The declining standards of living, economy, and production in the country of Ukraine could be contributing to the migration of Ukrainians to Italy and other countries abroad. It is estimated that there are close to 700,000 undocumented and approximately 195,000 legal working Ukrainian immigrants in Italy and a majority of them work as caregivers. Fedyuk mentions that many of those who move to Italy do not speak the language, work unregulated hours, may be underpaid, and usually are not prepared for all the physical and psychological requirements of being a caregiver. For instance, Fedyuk describes the working requirements of a 51-year-old caregiver who only had a 2-hour break during a single day and one day off a week. Also, there is mention of a 49-year-old woman who arrived to her new job and was not told the "granny" she would be caring for had an amputated arm and leg, was blind and could not speak. Those who migrate to Italy usually leave behind families and parents who require care themselves, and this puts further stress and pressure on the individual. Further research should be done in order to examine the extent of the consequences that may result to the caregiver, receiver of care, and those who are left behind in the cases of migrant Ukrainian workers.

===United Kingdom===
According to Carers UK, and based on the 2001 census around six million people in the UK provide care on an unpaid basis for a relative, friend or neighbour in need of support due to old age, disability, frailty or illness. The population of carers is dynamic: at least a third of all people will fulfil a caring role at some point in their lives. In 2022 Carers UK estimated there were 10.58 million carers.

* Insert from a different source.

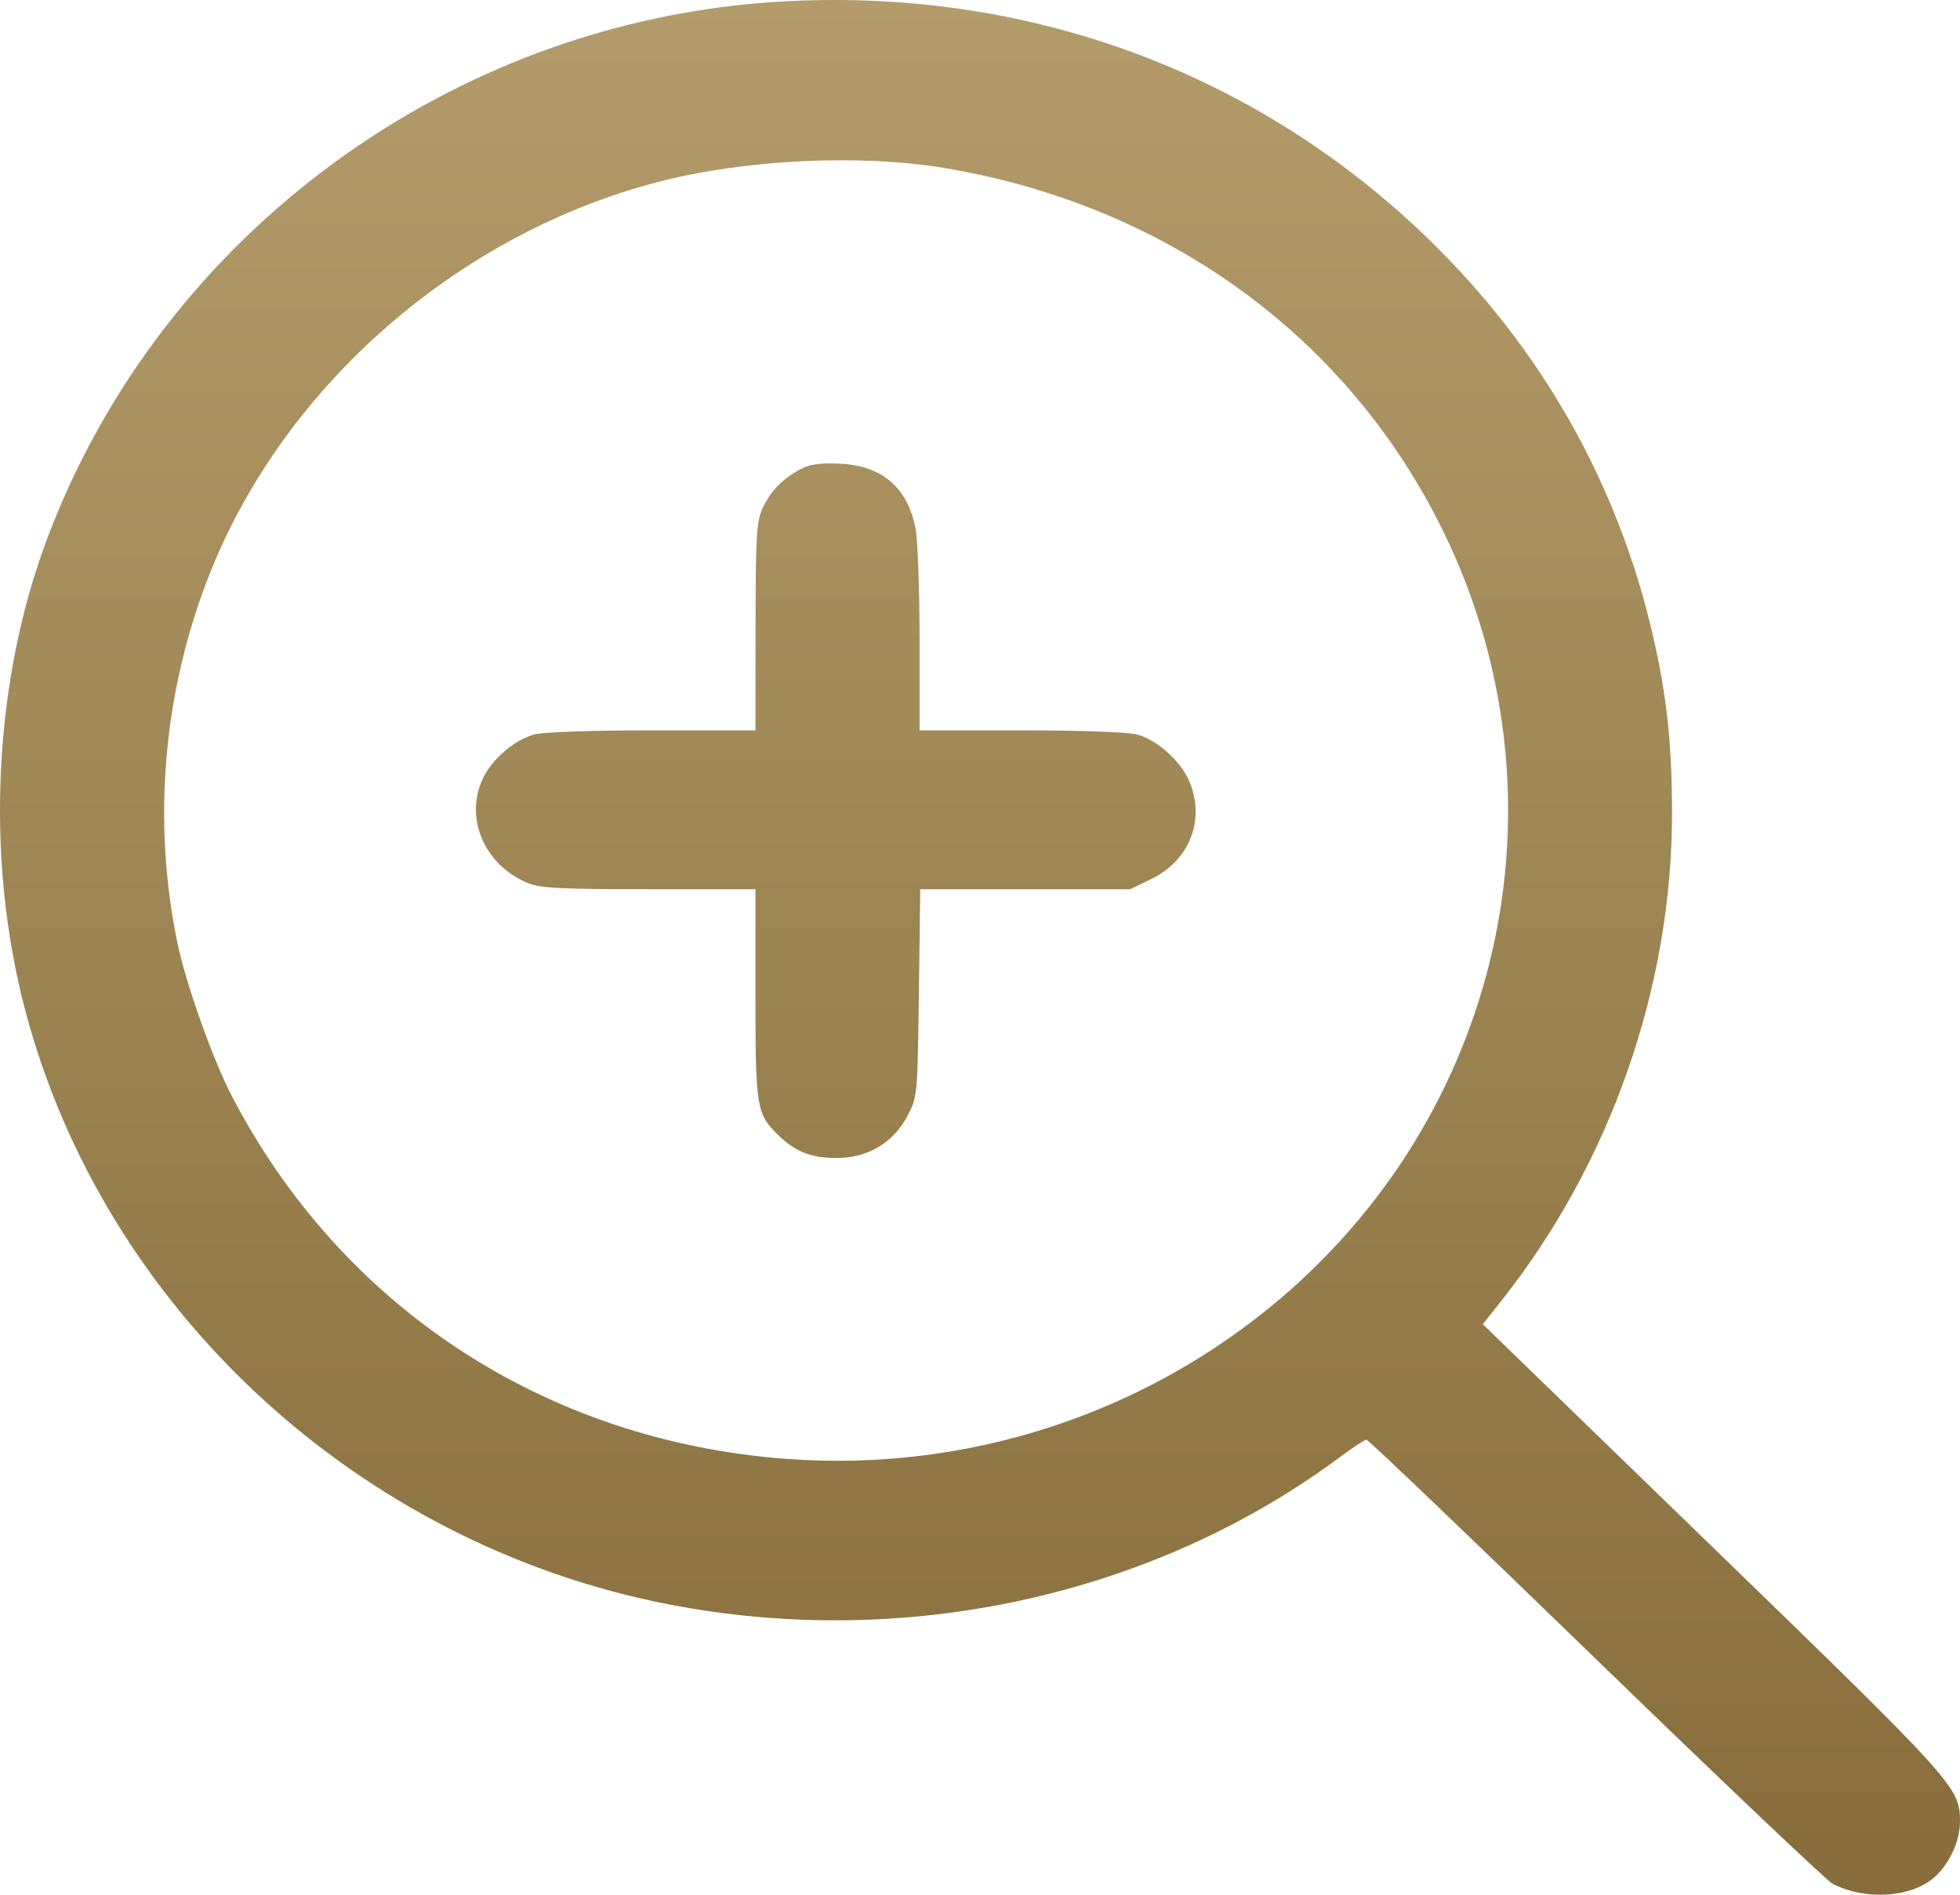 <?xml version="1.0" encoding="UTF-8"?> <svg xmlns="http://www.w3.org/2000/svg" width="30" height="29" viewBox="0 0 30 29" fill="none"> <path fill-rule="evenodd" clip-rule="evenodd" d="M11.9 0.027C6.912 0.335 2.493 3.575 0.733 8.215C-0.1 10.409 -0.231 13.104 0.38 15.44C1.58 20.025 5.481 23.633 10.237 24.556C13.86 25.259 17.661 24.423 20.518 22.295C20.709 22.153 20.888 22.036 20.916 22.036C20.944 22.036 22.525 23.547 24.428 25.393C26.332 27.239 27.962 28.787 28.051 28.833C28.539 29.084 29.223 29.048 29.584 28.753C29.824 28.558 30 28.189 30 27.881C30 27.359 29.941 27.293 26.224 23.689L22.696 20.268L22.971 19.921C24.647 17.811 25.592 15.115 25.592 12.449C25.592 11.403 25.513 10.655 25.306 9.754C24.771 7.414 23.598 5.337 21.859 3.653C19.199 1.077 15.674 -0.206 11.9 0.027ZM14.452 2.571C17.799 3.128 20.54 5.088 22.015 7.98C24.078 12.026 23.09 16.899 19.603 19.871C17.518 21.647 14.8 22.532 12.05 22.33C8.357 22.059 5.229 20.013 3.544 16.767C3.256 16.212 2.846 15.058 2.717 14.438C2.327 12.569 2.497 10.591 3.203 8.798C4.345 5.901 7.022 3.565 10.107 2.776C11.425 2.439 13.165 2.357 14.452 2.571ZM12.268 7.173C11.987 7.32 11.803 7.504 11.679 7.766C11.578 7.977 11.566 8.174 11.565 9.59L11.563 11.178L9.986 11.178C9.074 11.178 8.311 11.204 8.177 11.241C7.876 11.322 7.529 11.62 7.389 11.919C7.105 12.525 7.42 13.249 8.085 13.518C8.271 13.594 8.607 13.61 9.938 13.61H11.563V15.218C11.563 16.965 11.577 17.049 11.92 17.381C12.174 17.628 12.421 17.724 12.801 17.724C13.279 17.725 13.669 17.495 13.888 17.083C14.042 16.792 14.044 16.769 14.065 15.2L14.085 13.61H15.691H17.298L17.62 13.455C18.2 13.175 18.445 12.567 18.214 11.981C18.089 11.663 17.72 11.326 17.403 11.241C17.266 11.204 16.523 11.178 15.622 11.178L14.075 11.178V9.791C14.075 9.029 14.047 8.262 14.013 8.088C13.89 7.46 13.502 7.127 12.856 7.097C12.569 7.083 12.398 7.105 12.268 7.173Z" fill="url(#paint0_linear_39_416)"></path> <defs> <linearGradient id="paint0_linear_39_416" x1="15" y1="0" x2="15" y2="29" gradientUnits="userSpaceOnUse"> <stop stop-color="#B39B6B"></stop> <stop offset="1" stop-color="#866D3B"></stop> </linearGradient> </defs> </svg>

Research has shown that becoming a carer can have many impacts on a person's life. These include financial costs, exclusion and discrimination at work, social isolation and poor health through stress and physical injury. Caregivers may miss opportunities to establish families of their own so, later in life, having no carers of their own. The UK charity, Ageing Without Children, has been set up to advocate for this growing group of people.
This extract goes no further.